Is this a different sort of a “data divide,” where a country is “data-poor?”
Justin Arenstein: Well, maybe digitally “data poor,” because what we are doing is we’re saying that there is data. We initially also had the same reaction, saying “there is no data here,” and then realized that there’s a hell of a lot of data. Invariably, it’s locked up in deadwood format. So [we're now] liberating that data, digitizing it, structuring it, and then making sure that it’s available for people to use.
How much are media entities you work with making data, as opposed to just digitizing?
Justin Arenstein: Some are making data. We haven’t, because a lot of other actors are involved in citizen data creation. We haven’t really focused too many of our very scarce resources on that component yet.
We are funding a couple of citizen reporting apps, because there’s a lot of hype around citizen data and we’re trying to see if there are models that can really work where you create credible, sourced and actionable information. We don’t believe that you’re going to be able to do that just from text messaging. We’re looking at alternative kinds of interfaces and methods for transmitting information.
Are there companies and startups that are consuming the digital data that you’re producing? If so, what are they doing?
Justin Arenstein: Outside of the News Challenge, we are co-founding something with the World Bank called “Code for Kenya.” It’s modeled fairly closely on the Mozilla Open Use Fellowships, with a few tweaks.
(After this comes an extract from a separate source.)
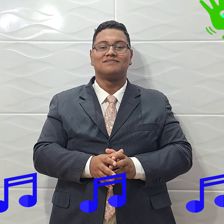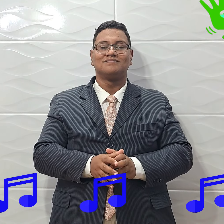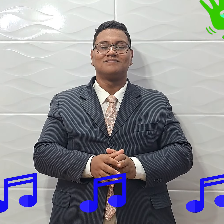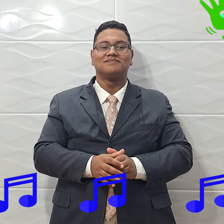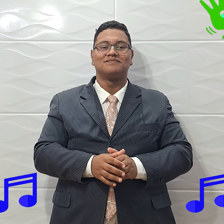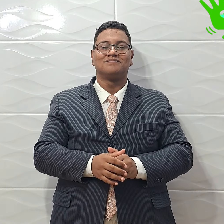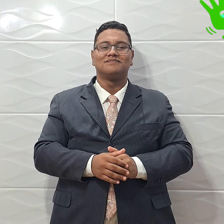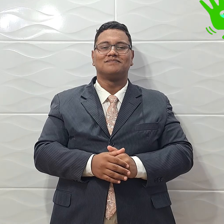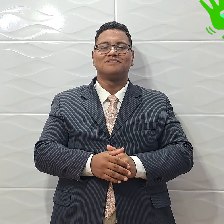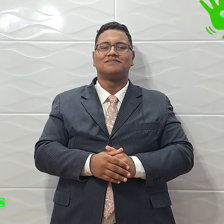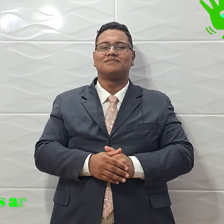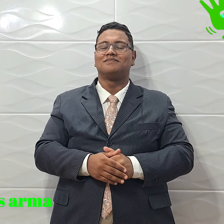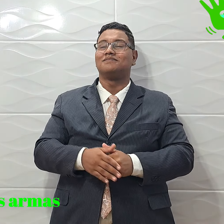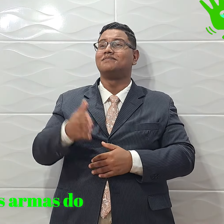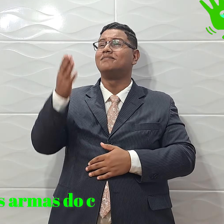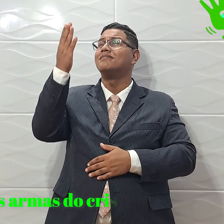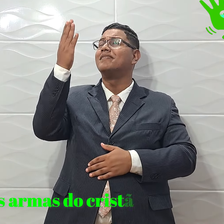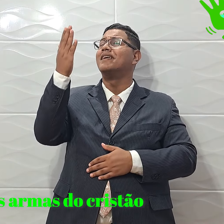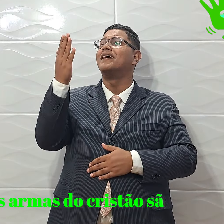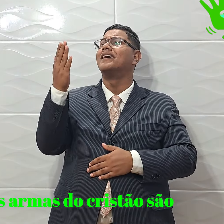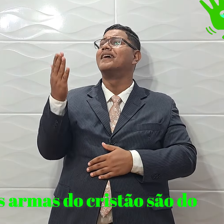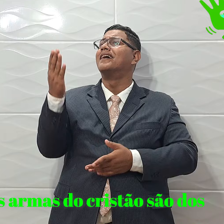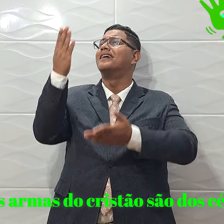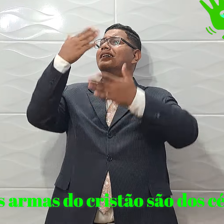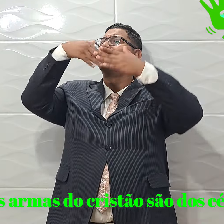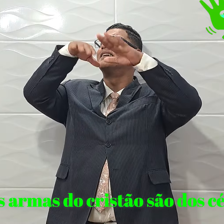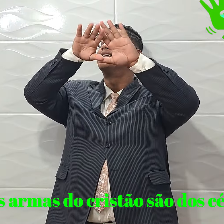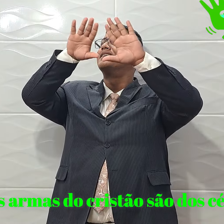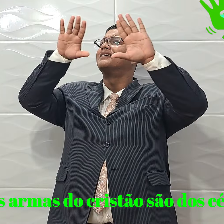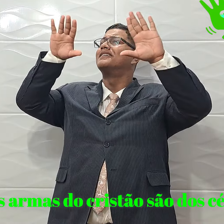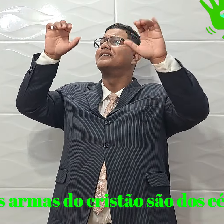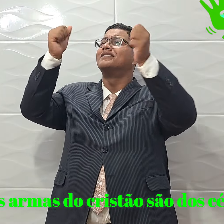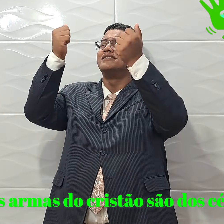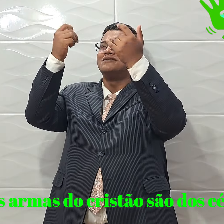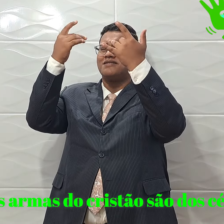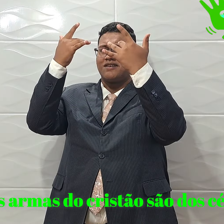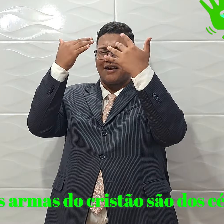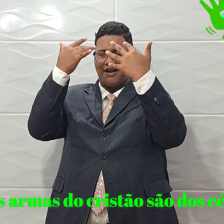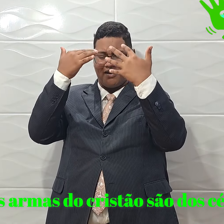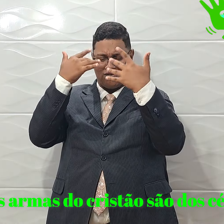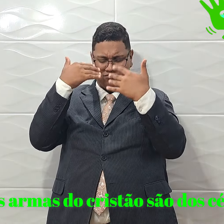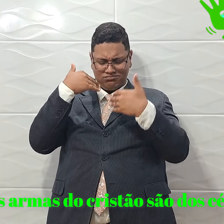As potentes armas do cristão São

It’s maybe a hybrid of Code for America and the Mozilla Open Fellowships.
Where Code for America focuses on cities and Mozilla focuses on newsrooms, we’ve embedded open data strategists and evangelists into the newsrooms, backed up by an external development team at a civic tech lab. They’re structuring the data that’s available, such as turning old microfiche rolls into digital information, cleaning it up and building a data disk. They’re building news APIs and pushing the idea that rather than building websites, design an API specifically for third-party repurposing of your content. We’re starting to see the first early successes. Four months in, some of the larger media groups in Kenya are now starting to have third-party entrepreneurs developing using their content and then doing revenue-share deals.
The only investment from the data holder, which is the media company, is to actually clean up the data and then make it available for development. Now, that’s not a new concept. The Guardian in the United Kingdom has experimented with it. It’s fairly exciting for these African companies because there’s potentially — and arguably, larger — appetite for the content because there’s not as much content available. Suddenly, the unit cost of value of that data is far higher than it might be in the U.K. or in the U.S.
Media companies are seriously looking at it as one of many potential future revenue streams. It enables them to repurpose their own data, start producing books and the rest of it. There isn’t much book publishing in Africa, by Africans, for Africans. Suddenly, if the content is available in an accessible format, it gives them an opportunity to mash-up stuff and create new kinds of books.
They’ll start seeing that content itself can be a business model. The impact that we’re seeking there is to try and show media companies that investing in high-quality unique information actually gives you a long-term commodity that you can continue to reap benefits from over time. Whereas simply pulling stuff off the wire or, as many media do in Africa, simply lifting it off of the web, from the BBC or elsewhere, and crediting it, is not a good business model.